Hassabis also touted Veo 3, Google’s latest video generation model that can, for the first time, generate videos with contextual audio, like traffic noises in the background of a scene in the city or even dialogue between characters. “Veo 3 being audio and video at the same time is one of the holy grails of AI research,” he said.
Google sees these generative AI models as a way to make media creation more accessible to broader audiences, not just high-end professionals.
But as low-quality AI-generated media soars, and Google acts as a main purveyor of AI tools that make it ever easier to generate synthetic content, Eli Collins, a vice president of product management at Google DeepMind, said the company has a responsibility to ensure that it does not supercharge misinformation. “We’re not trying to build a slop machine,” he said in an interview. “We’re trying to actually build things that are useful for people who really want to bring a creative vision to life.”

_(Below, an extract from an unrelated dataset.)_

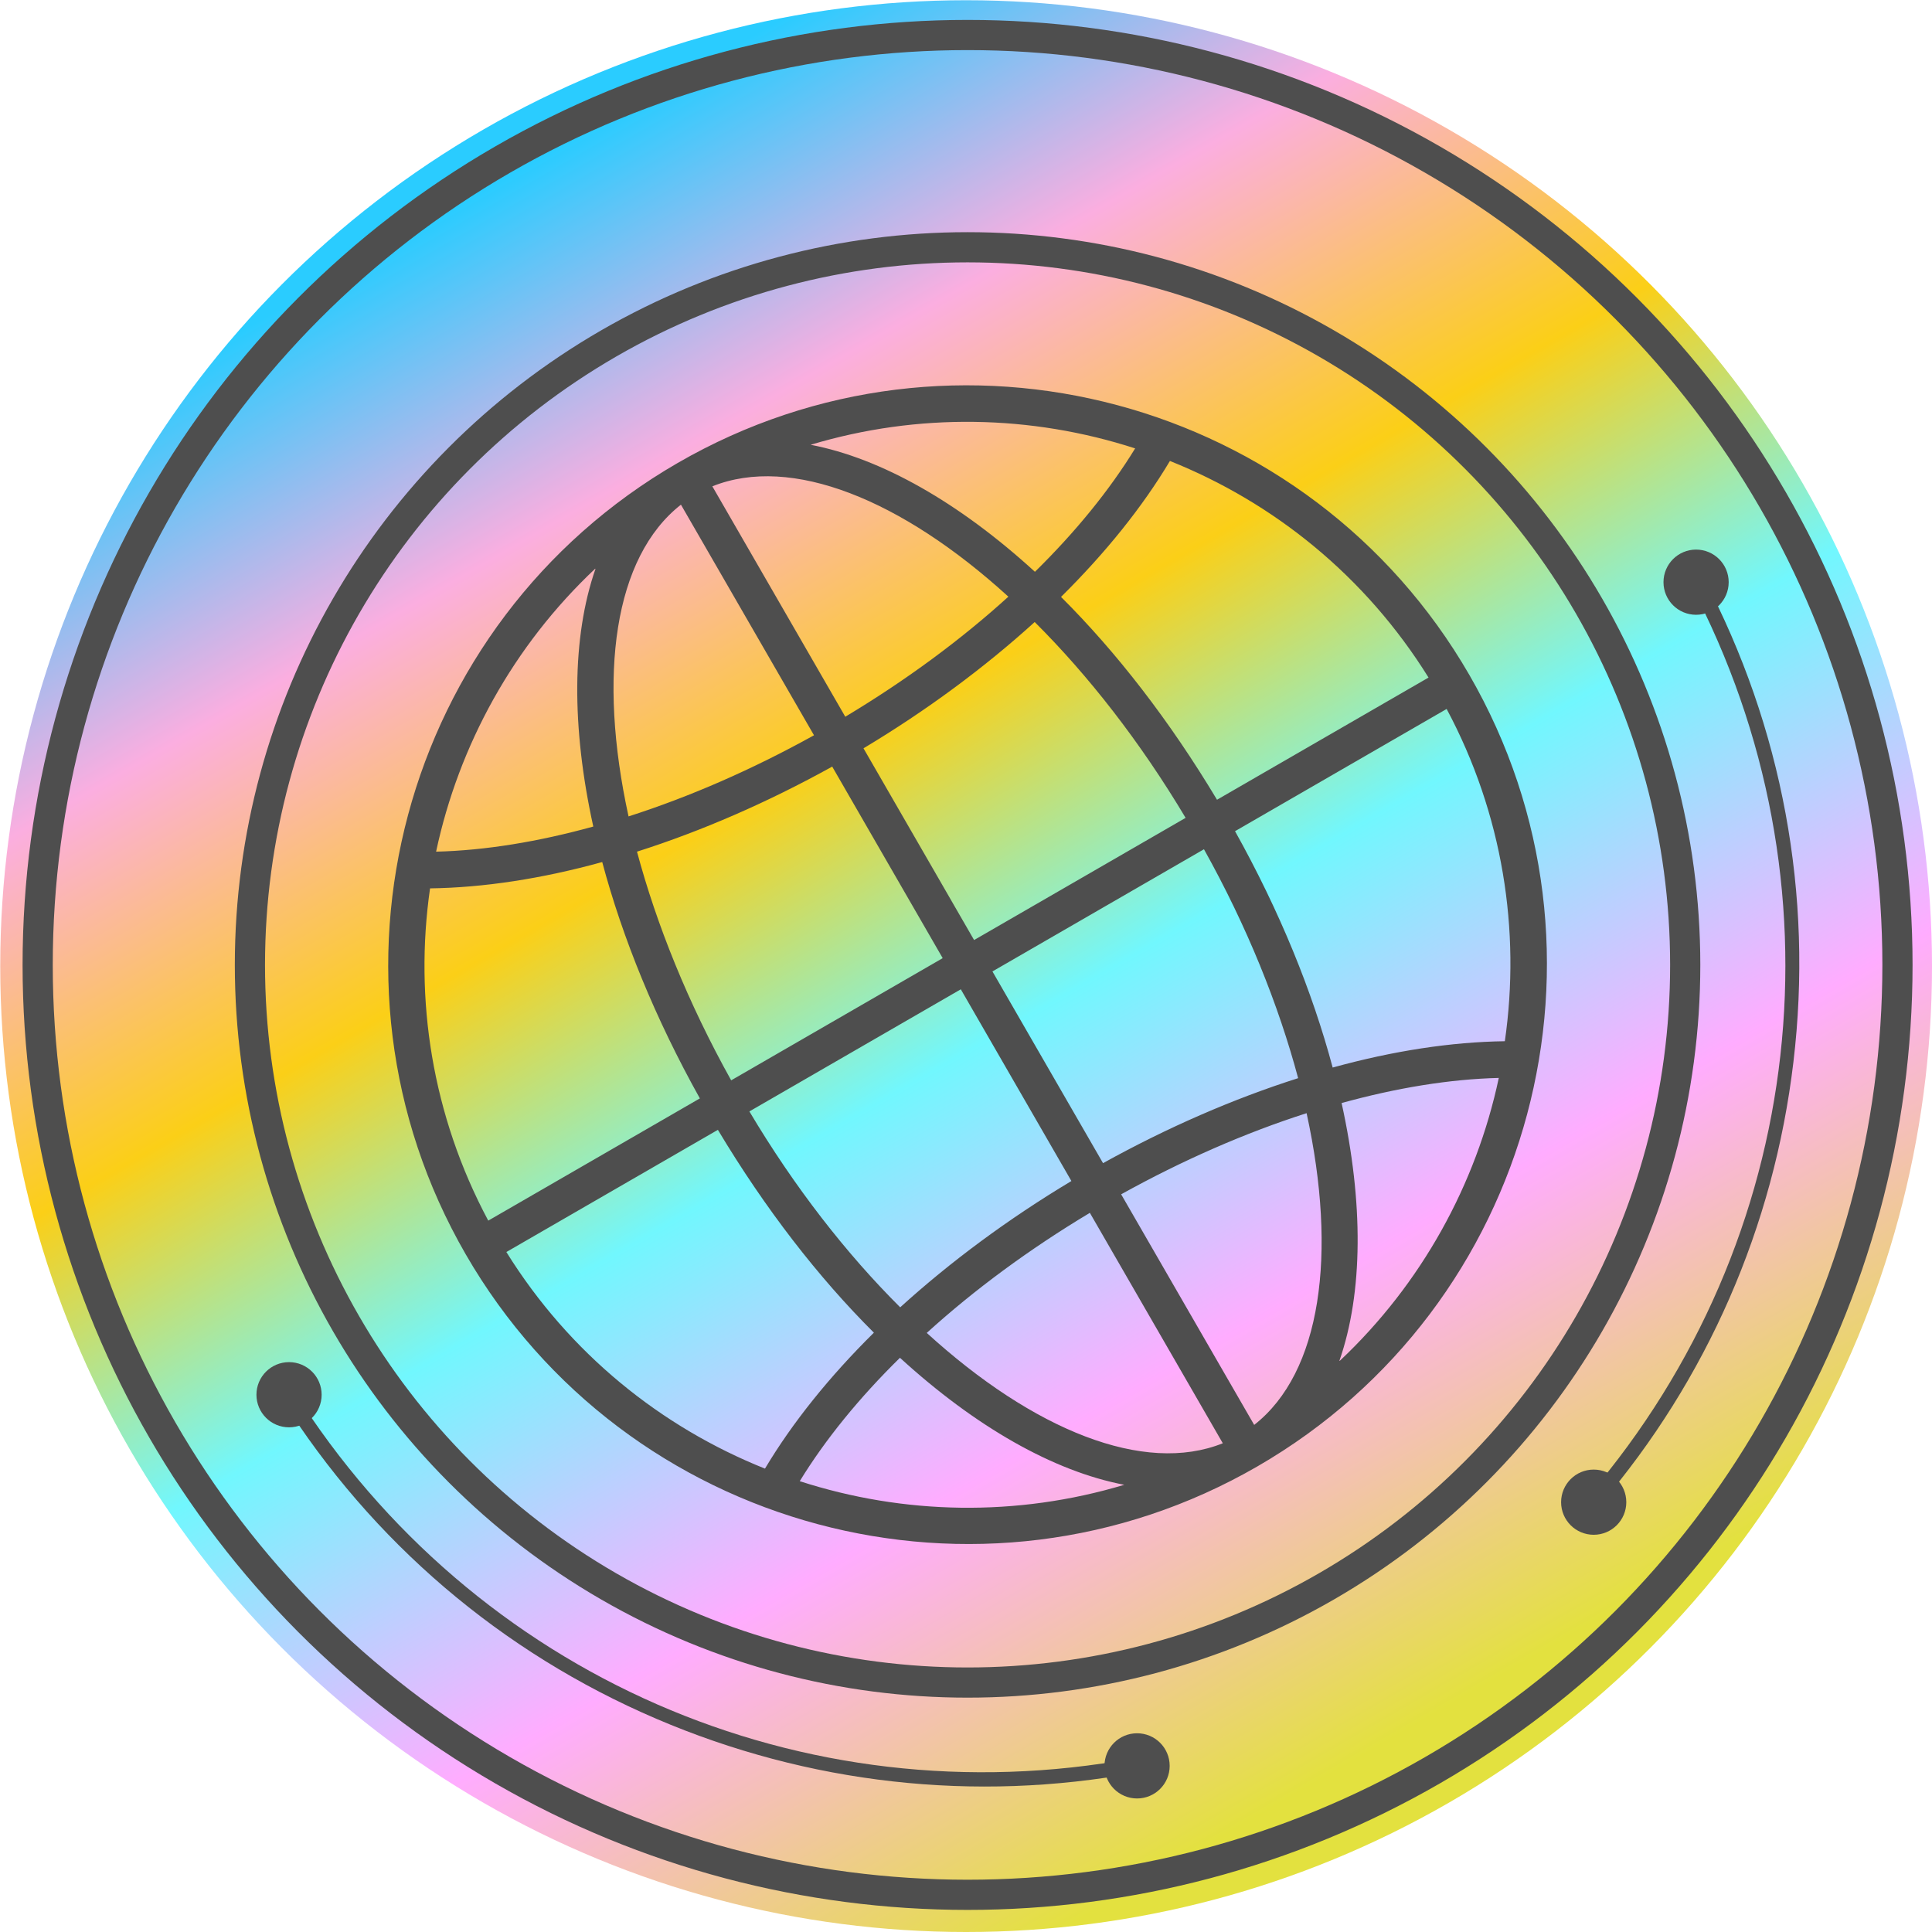<?xml version="1.0" encoding="UTF-8"?><svg id="_レイヤー_2" xmlns="http://www.w3.org/2000/svg" xmlns:xlink="http://www.w3.org/1999/xlink" viewBox="0 0 80.01 80.01"><defs><style>.cls-1{fill:url(#_07);}.cls-2{fill:#4e4e4e;}.cls-3{fill:none;stroke:#4e4e4e;stroke-miterlimit:10;stroke-width:1.25px;}</style><linearGradient id="_07" x1="260.71" y1="78.85" x2="260.71" y2="4.56" gradientTransform="translate(-206.94 133.69) rotate(-30)" gradientUnits="userSpaceOnUse"><stop offset="0" stop-color="#e3e13f"/><stop offset=".24" stop-color="#ffacff"/><stop offset=".45" stop-color="#71f7fe"/><stop offset=".63" stop-color="#fbcf17"/><stop offset=".82" stop-color="#fbaee0"/><stop offset="1" stop-color="#2accff"/></linearGradient></defs><g id="Design"><g id="Sticker02"><circle id="Sticker02-2" class="cls-1" cx="40.01" cy="40.01" r="40"/><circle id="Sticker02-3" class="cls-3" cx="40.07" cy="39.96" r="38.51"/><g id="Sticker02-4"><path class="cls-2" d="M66.26,62.32l-.46-.4c9.04-10.59,10.7-25.39,4.22-37.7l.54-.28c3.25,6.18,4.54,13.12,3.71,20.05-.81,6.81-3.58,13.14-8.01,18.33Z"/></g><circle id="Sticker02-5" class="cls-3" cx="40.07" cy="39.96" r="29.72"/><circle id="Sticker02-6" class="cls-2" cx="70.24" cy="24.11" r="1.35"/><circle id="Sticker02-7" class="cls-2" cx="66" cy="62.21" r="1.35"/><g id="Sticker02-8"><path class="cls-2" d="M47.06,73.41c-6.71,1.24-13.58.47-19.88-2.23-6.42-2.75-11.78-7.33-15.51-13.24l.51-.32c7.43,11.77,21.07,17.73,34.76,15.2l.11.6Z"/></g><circle id="Sticker02-9" class="cls-2" cx="11.97" cy="57.76" r="1.35"/><circle id="Sticker02-10" class="cls-2" cx="47.09" cy="73.13" r="1.35"/><path id="Sticker02-11" class="cls-2" d="M28.07,19.17c-11.46,6.62-15.4,21.32-8.78,32.78,6.62,11.46,21.32,15.4,32.78,8.78s15.4-21.32,8.78-32.78c-6.62-11.46-21.32-15.4-32.78-8.78ZM35.76,30.99c2.62-1.57,5.02-3.35,7.09-5.23,2.22,2.21,4.37,4.96,6.25,8.11l-8.76,5.06-4.58-7.94ZM35.01,29.69l-5.51-9.55c3.26-1.31,7.84.54,12.26,4.57-1.97,1.79-4.25,3.47-6.75,4.97ZM28.2,20.9l5.51,9.55c-2.54,1.41-5.15,2.55-7.68,3.36-1.28-5.85-.6-10.74,2.17-12.91ZM34.46,31.74l4.58,7.94-8.76,5.06c-1.79-3.21-3.09-6.45-3.9-9.47,2.67-.85,5.41-2.04,8.08-3.52ZM28.98,45.49l-8.76,5.06c-2.33-4.36-3.07-9.18-2.41-13.76,2.22-.03,4.63-.4,7.13-1.09.84,3.14,2.19,6.47,4.05,9.8ZM29.73,46.79c1.96,3.27,4.16,6.11,6.46,8.4-1.84,1.82-3.37,3.72-4.51,5.63-4.3-1.72-8.1-4.77-10.71-8.97l8.76-5.06ZM31.03,46.03l8.76-5.06,4.58,7.94c-2.62,1.57-5.02,3.35-7.09,5.23-2.22-2.21-4.37-4.96-6.25-8.12ZM45.13,50.22l5.51,9.55c-3.26,1.31-7.84-.54-12.26-4.57,1.97-1.79,4.25-3.47,6.75-4.97ZM51.94,59.01l-5.51-9.55c2.54-1.41,5.15-2.55,7.68-3.36,1.28,5.85.6,10.74-2.17,12.91ZM45.68,48.17l-4.58-7.94,8.76-5.06c1.79,3.21,3.09,6.45,3.9,9.48-2.67.85-5.41,2.04-8.08,3.52ZM51.15,34.42l8.76-5.06c2.33,4.36,3.07,9.18,2.41,13.76-2.22.03-4.63.4-7.13,1.09-.84-3.14-2.19-6.47-4.05-9.8ZM50.4,33.12c-1.96-3.27-4.16-6.11-6.46-8.4,1.84-1.82,3.37-3.72,4.51-5.63,4.3,1.72,8.1,4.77,10.71,8.97l-8.76,5.06ZM47.01,18.57c-1.06,1.73-2.47,3.46-4.15,5.11-3.13-2.86-6.36-4.7-9.29-5.26,4.46-1.34,9.15-1.24,13.44.15ZM24.66,23.56c-.98,2.82-1,6.54-.09,10.67-2.28.63-4.48.99-6.51,1.04.94-4.41,3.2-8.53,6.59-11.72ZM33.12,61.34c1.06-1.73,2.47-3.46,4.15-5.11,3.13,2.86,6.36,4.7,9.29,5.26-4.46,1.34-9.15,1.24-13.44-.15ZM55.47,56.35c.98-2.82,1-6.54.09-10.67,2.28-.63,4.48-.99,6.51-1.04-.94,4.41-3.2,8.53-6.59,11.72Z"/></g></g></svg>

Google in 2023 released SynthID, a watermarking technology that aims to help identify AI-generated media. The company also said it would release SynthID Detector, a portal that lets people upload content to determine if some or all of a file has SynthID in it.
More than two years after ChatGPT sent Google into a scramble, the company’s AI models top many leaderboards. Yet OpenAI’s models remain more popular than Google’s, and closing that gap will be the search giant’s next task, said Hassabis.
“More and more, as the models get more capable, you kind of want to get out of the way of the model in a way and let it shine,” he said.
(Updates with stock reaction starting in the first paragraph.)